Task objective »
Provide only the number of lines in the data below that contain the word "field".
-- Excerpted data follows --
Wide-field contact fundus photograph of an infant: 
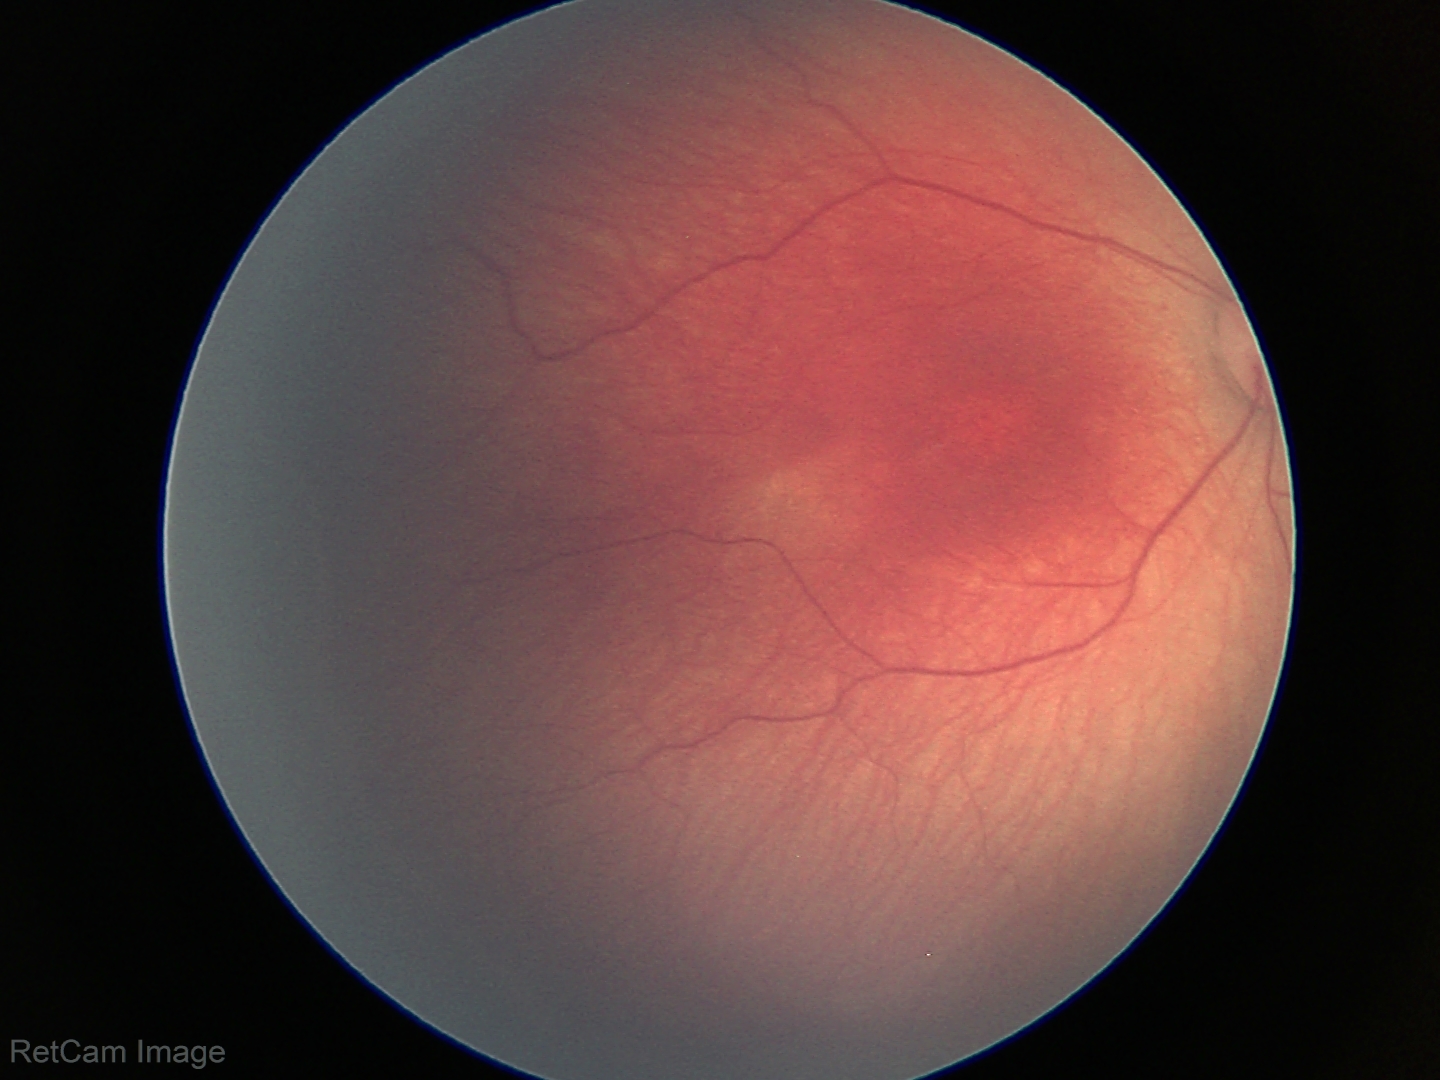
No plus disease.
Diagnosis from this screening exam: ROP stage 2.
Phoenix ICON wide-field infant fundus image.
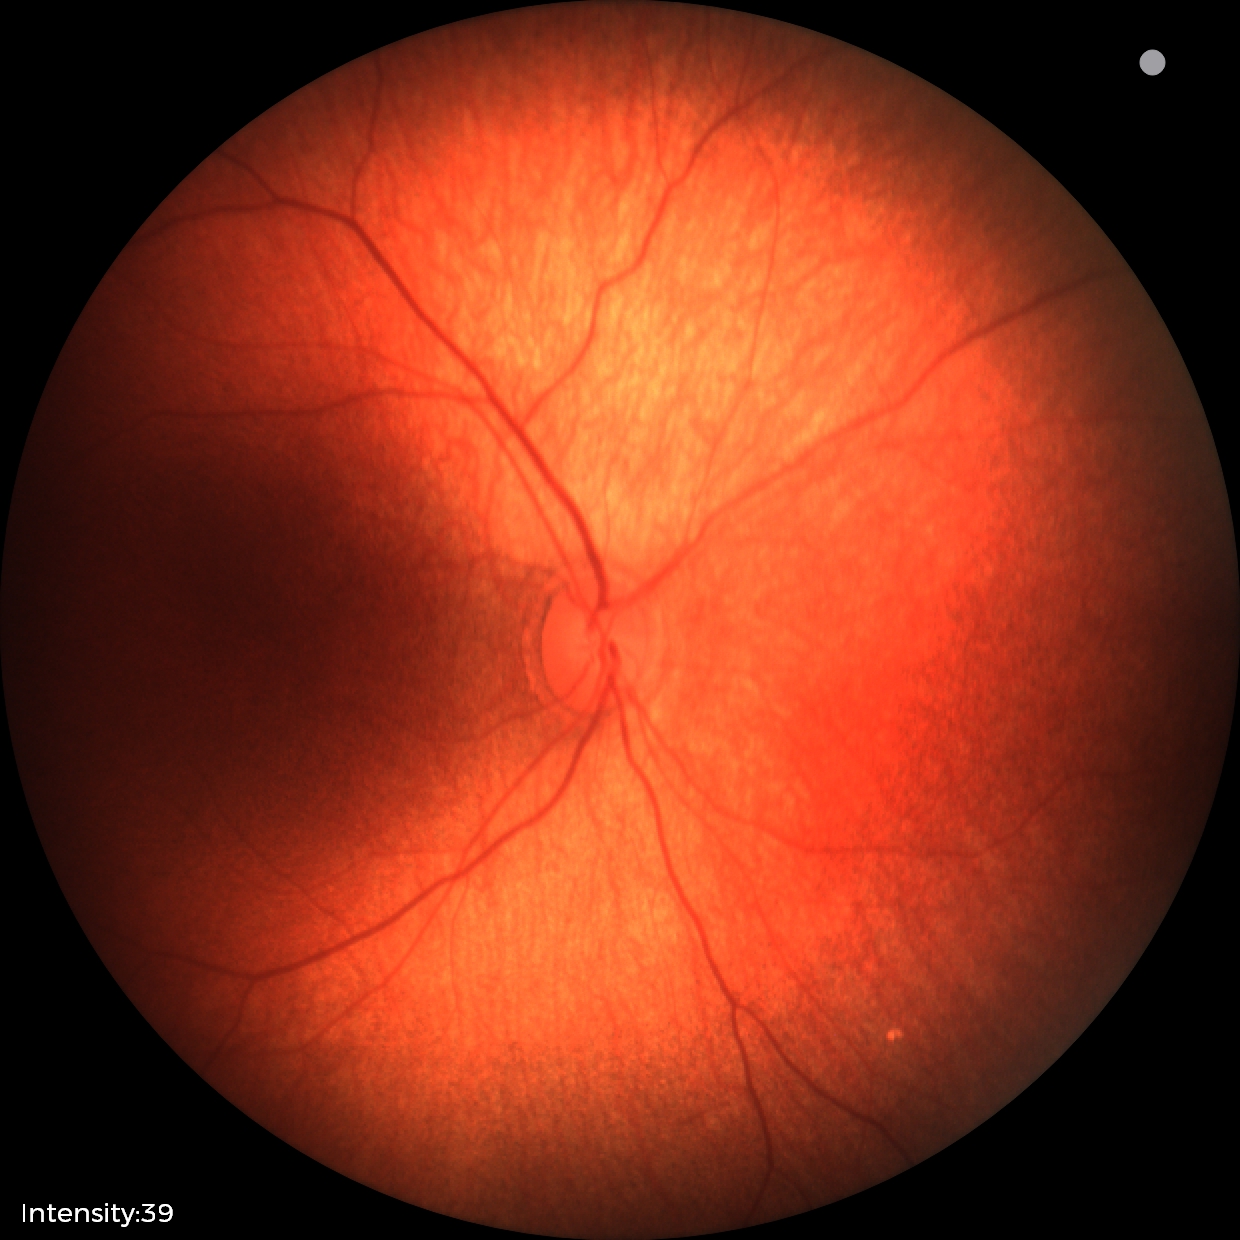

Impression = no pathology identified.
-- Excerpted data concluded --
The answer »
2